现在我们为每个学生提供三个*类别的问题。我们现在需要通过分数识别并按顺序排列每个学生的不是*问题:

-- within the preceding WITH
, NotTopInCat ( Question, Student, Category, Score, SeqInStudent ) AS
(
    SELECT
        Question, Student, Category, Score
        , ROW_NUMBER() OVER (PARTITION BY Student ORDER BY Score DESC) SeqInStudent
    FROM
        WeightedScores WS
    WHERE
        NOT EXISTS ( SELECT 1 FROM TopInCat T WHERE T.Question = WS.Question AND T.Student = WS.Student )
)

Finally we combine TopInCat with NotTopInCat, applying an appropriate offset and restriction to NotTopInCat.SeqInStudent - we need to add 3 to the raw value, and take the top 7 (which is 10 - 3):

最后,我们将TopInCat与NotTopInCat结合起来,对NotTopInCat.SeqInStudent应用适当的偏移和限制 - 我们需要将3添加到原始值,并取前7(即10 - 3):

-- within the preceding WITH
, Combined ( Question, Student, Category, Score, CombinedSeq ) AS
(
    SELECT
        Question, Student, Category, Score, SeqInStudent AS CombinedSeq
    FROM
        TopInCat
    UNION
    SELECT
        Question, Student, Category, Score, SeqInStudent + 3 AS CombinedSeq
    FROM
        NotTopInCat
    WHERE
        SeqInStudent <= 10 - 3
)

To get our final results:

要获得我们的最终结果:

SELECT * FROM Combined ORDER BY Student, CombinedSeq
;

You can see the results on sqlfiddle.

你可以在sqlfiddle上看到结果。


Note that here I have assumed that every student will always have answers from at least three categories. Also, the final output doesn't have a TopInCat column, but hopefully you will see how to regain that if you want it.

请注意,在这里我假设每个学生总是会得到至少三个类别的答案。
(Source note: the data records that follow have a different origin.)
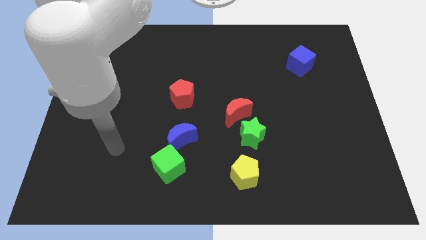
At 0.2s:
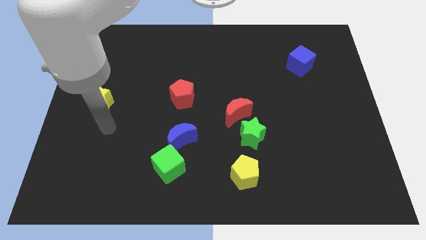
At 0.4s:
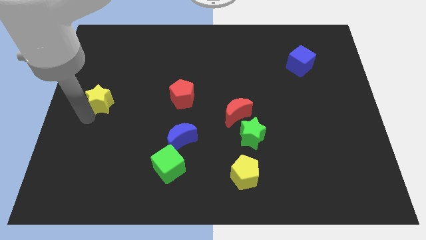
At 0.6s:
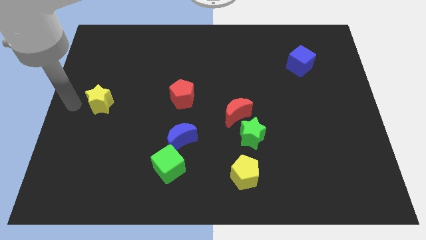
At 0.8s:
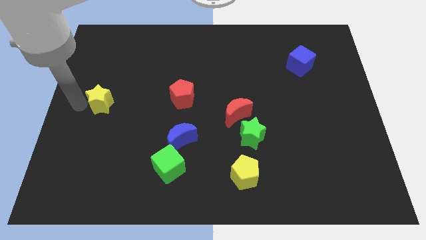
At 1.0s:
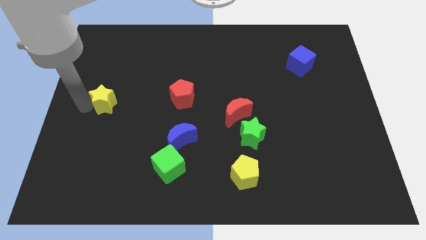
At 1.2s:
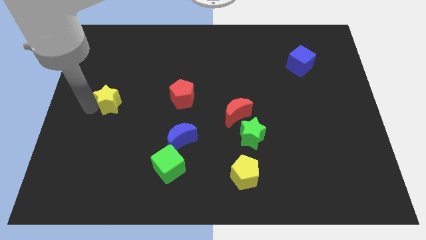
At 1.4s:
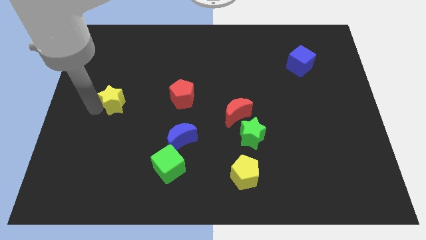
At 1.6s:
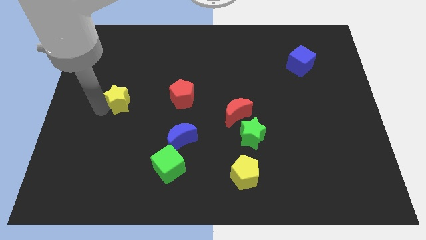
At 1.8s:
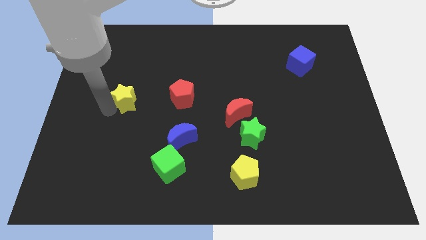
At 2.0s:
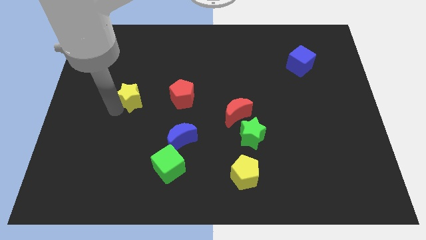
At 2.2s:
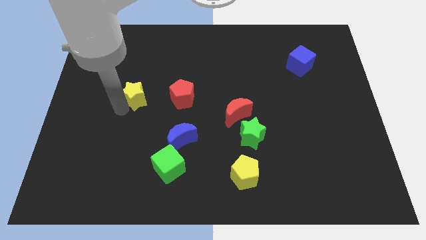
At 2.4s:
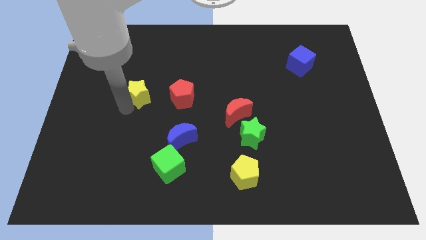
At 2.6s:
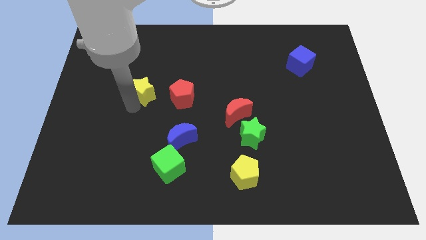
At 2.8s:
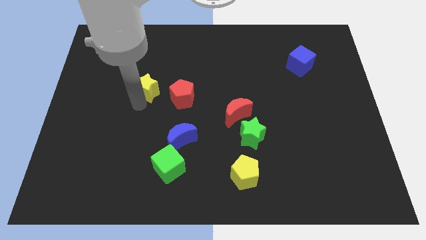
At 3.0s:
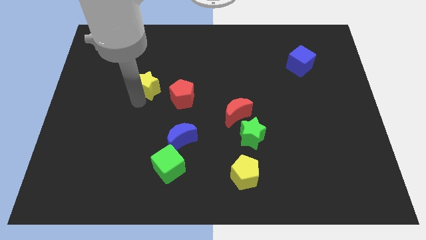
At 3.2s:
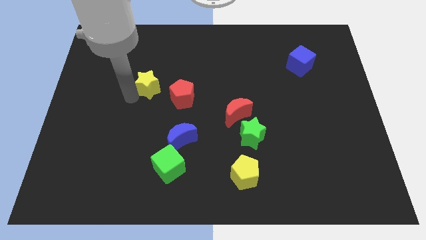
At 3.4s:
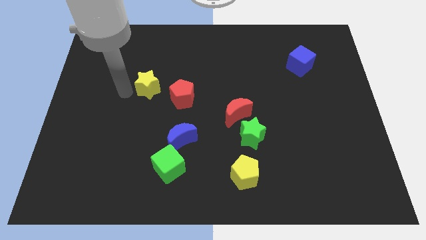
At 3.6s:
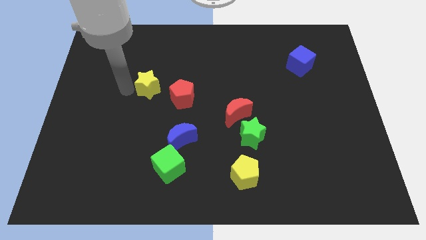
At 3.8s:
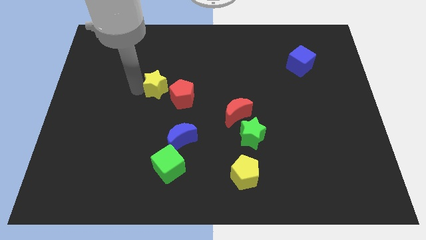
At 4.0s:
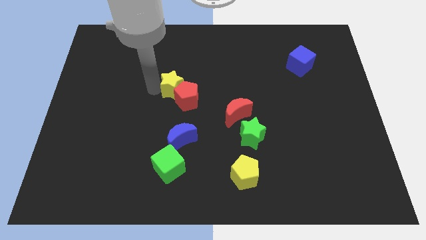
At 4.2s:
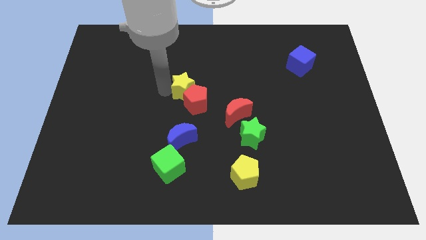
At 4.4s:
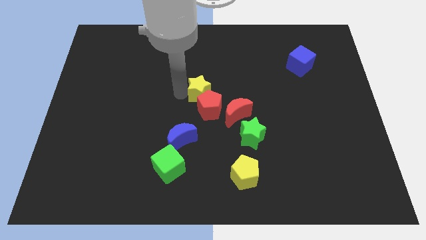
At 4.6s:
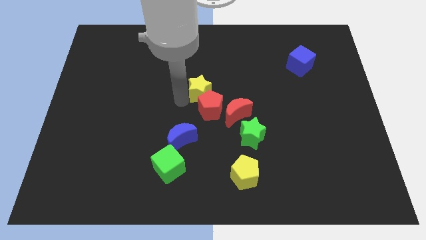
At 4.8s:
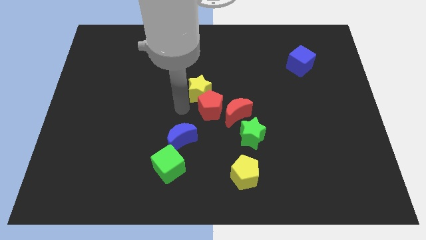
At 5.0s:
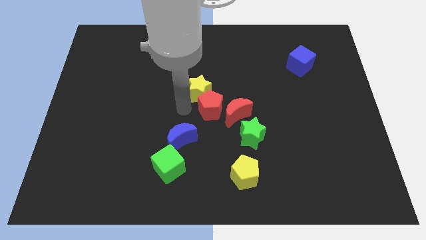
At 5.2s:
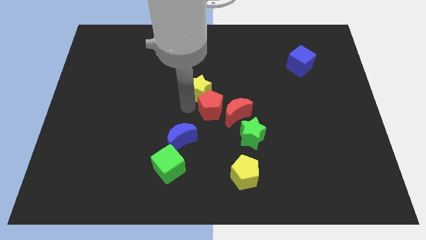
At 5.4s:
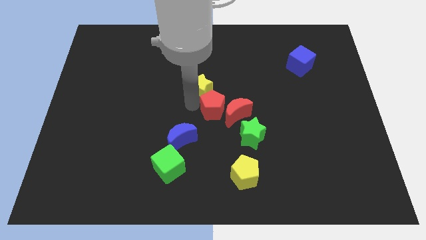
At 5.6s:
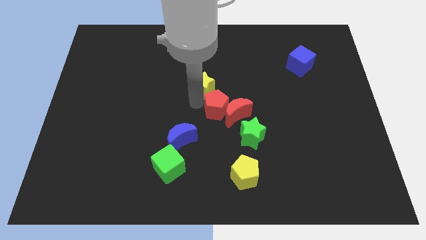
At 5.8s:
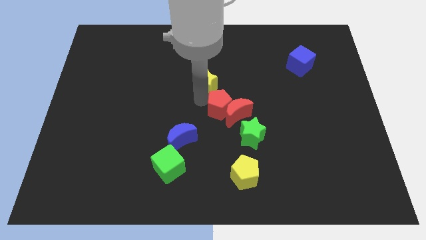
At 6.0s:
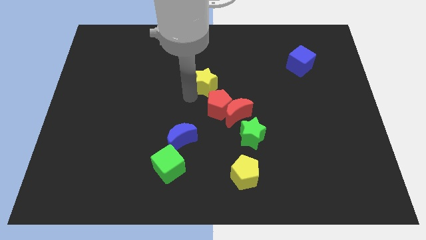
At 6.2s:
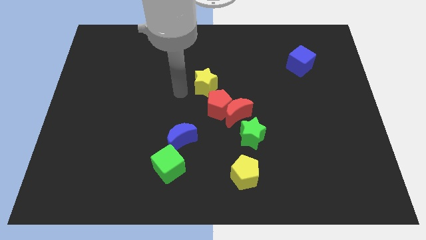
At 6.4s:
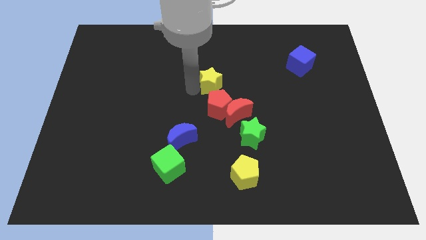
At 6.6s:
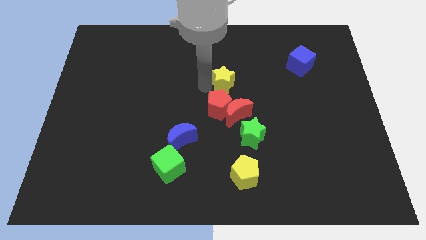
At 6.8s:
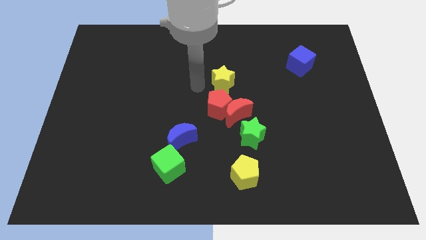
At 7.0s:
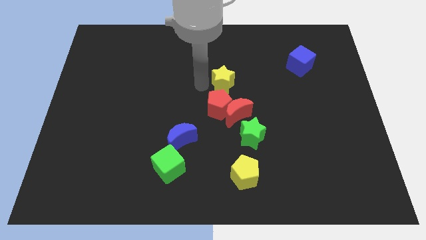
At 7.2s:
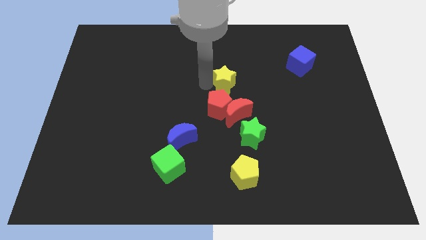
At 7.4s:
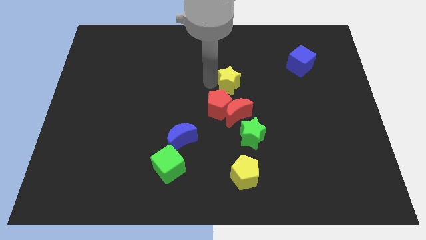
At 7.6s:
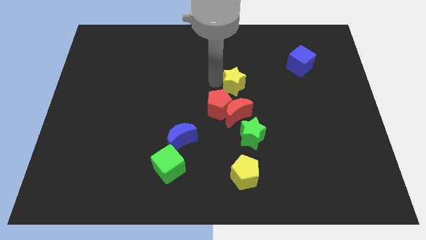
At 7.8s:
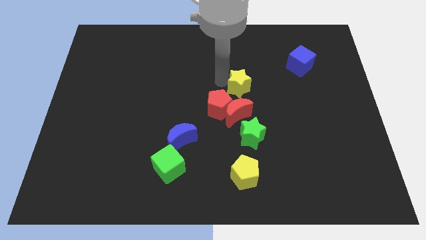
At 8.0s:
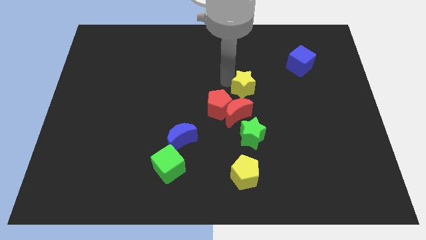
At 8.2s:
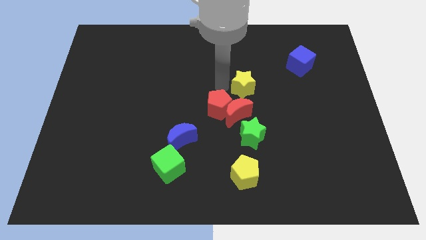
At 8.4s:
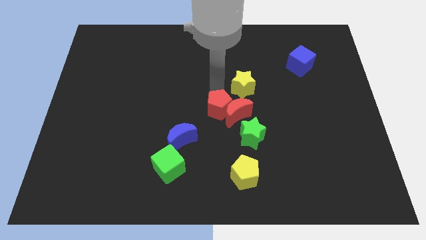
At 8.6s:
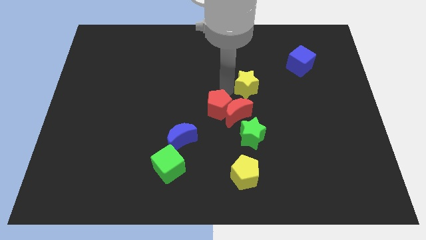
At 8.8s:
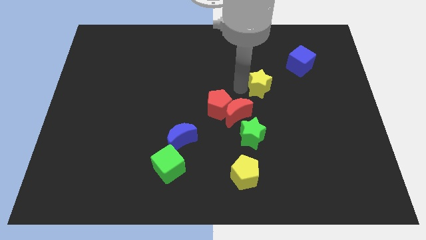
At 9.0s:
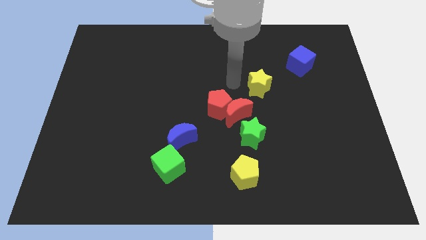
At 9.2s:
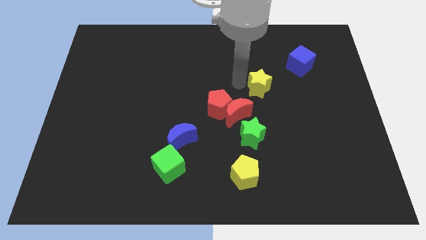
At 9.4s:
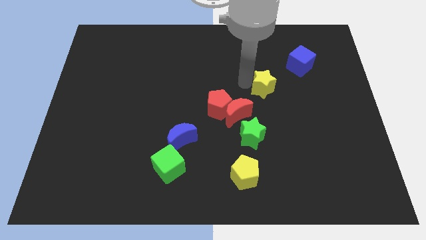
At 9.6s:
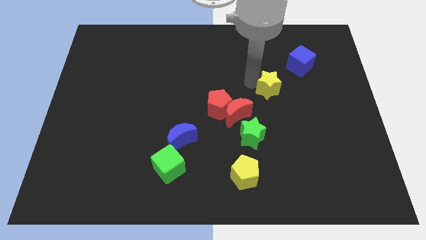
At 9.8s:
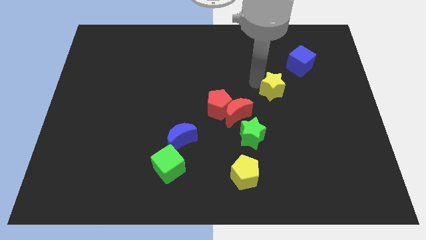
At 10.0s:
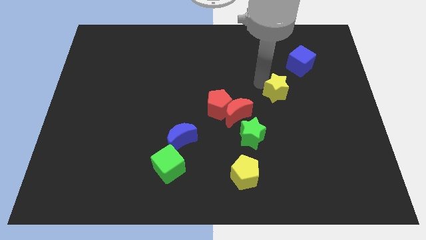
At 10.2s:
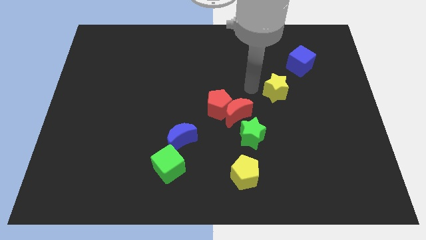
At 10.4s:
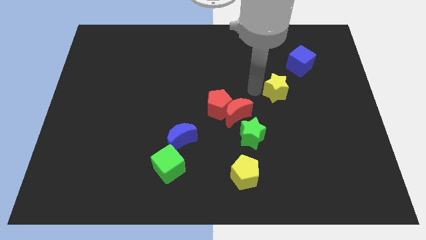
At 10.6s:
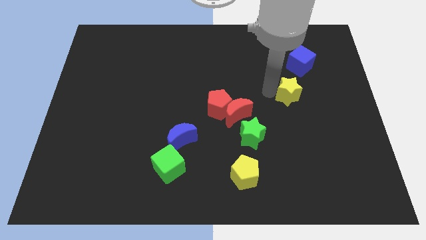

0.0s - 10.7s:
slide the yellow star to the bottom of the blue cube

此外,最终输出没有TopInCat列,但希望你会看到如果你想要它如何重新获得它。

Also, "(both # of questions and # of categories will be variable eventually)" should be relatively straightforward to deal with here. But watch out for my assumption that (in this case) 3 categories will definitely be present in the answers of each student.

此外,“(问题的#和类别的#最终将是变量的)”应该在这里处理相对简单。但请注意我的假设(在这种情况下)3个类别肯定会出现在每个学生的答案中。